Sobre estar sozinho.
não é apenas o avanço tecnológico que marcou o início deste milênio. As relações afetivas também estão
passando por profundas transformações e revolucionando o conceito de
amor.
O que se busca hoje é uma relação
compatível com os tempos modernos, na qual exista individualidade,
respeito, alegria e prazer de estar junto, e não mais uma relação de
dependência, em que um responsabiliza o outro pelo seu bem-estar.
A idéia de uma pessoa ser o remédio para
nossa felicidade, que nasceu com o romantismo, está fadada a
desaparecer neste início de século.
O amor romântico parte da premissa de
que somos uma fração e precisamos encontrar nossa outra metade para nos
sentirmos completos. Muitas vezes ocorre até um processo de
despersonalização que, historicamente, tem atingido mais a mulher; ela
abandona suas características, para se amalgamar ao projeto masculino.
A teoria da ligação entre opostos também
vem dessa raiz: o outro tem de fazer o que eu não sei. Se sou manso,
ele deve ser agressivo, e assim por diante. Uma idéia prática de
sobrevivência, e pouco romântica, por sinal.
A palavra de ordem deste século é parceria.
Estamos trocando o amor de necessidade,
pelo amor de desejo. Eu gosto e desejo a companhia, mas não preciso, o
que é muito diferente.
Com o avanço tecnológico, que exige mais tempo individual, as pessoas estão perdendo o pavor de ficar sozinhas, e aprendendo a conviver melhor consigo mesmas. Elas estão começando a perceber que se sentem fração, mas são inteiras. O outro, com o qual se estabelece um elo, também se sente uma fração.
Não é príncipe ou salvador de coisa nenhuma. É apenas um companheiro de viagem.

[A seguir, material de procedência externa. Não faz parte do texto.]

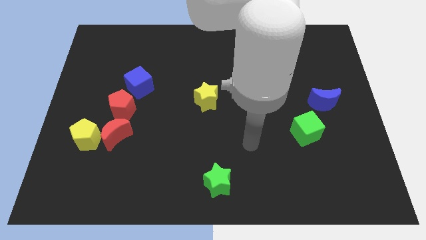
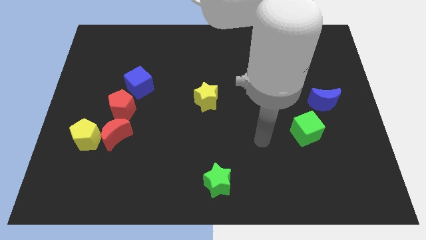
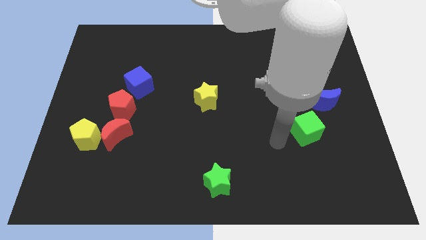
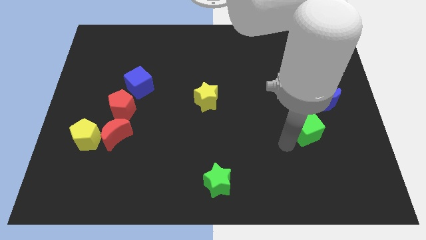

O homem é um animal que vai mudando o mundo, e depois tem de ir se reciclando, para se adaptar ao mundo que fabricou.
Estamos entrando na era da
individualidade, o que não tem nada a ver com egoísmo. O egoísta não tem
energia própria; ele se alimenta da energia que vem do outro, seja ela
financeira ou moral.
A nova forma de amor, ou mais amor, tem
nova feição e significado. Visa à aproximação de dois inteiros, e não a
união de duas metades.
E ela só é possível para aqueles que conseguirem trabalhar sua individualidade.
Quanto mais o indivíduo for competente para viver sozinho, mais preparado estará para uma boa relação afetiva.
A solidão é boa, ficar sozinho não é vergonhoso. Ao contrário, dá dignidade à pessoa.
As boas relações afetivas são ótimas,
são muito parecidas com o ficar sozinho, ninguém exige nada de ninguém e
ambos crescem. Relações de dominação e de concessões exageradas são
coisas do século passado. Cada cérebro é único.
Nosso modo de pensar e agir não serve de
referência para avaliar ninguém. Muitas vezes, pensamos que o outro é
nossa alma gêmea e, na verdade, o que fizemos foi inventá-lo ao nosso
gosto.
Todas as pessoas deveriam ficar sozinhas de vez em quando, para estabelecer um diálogo interno e descobrir sua força pessoal.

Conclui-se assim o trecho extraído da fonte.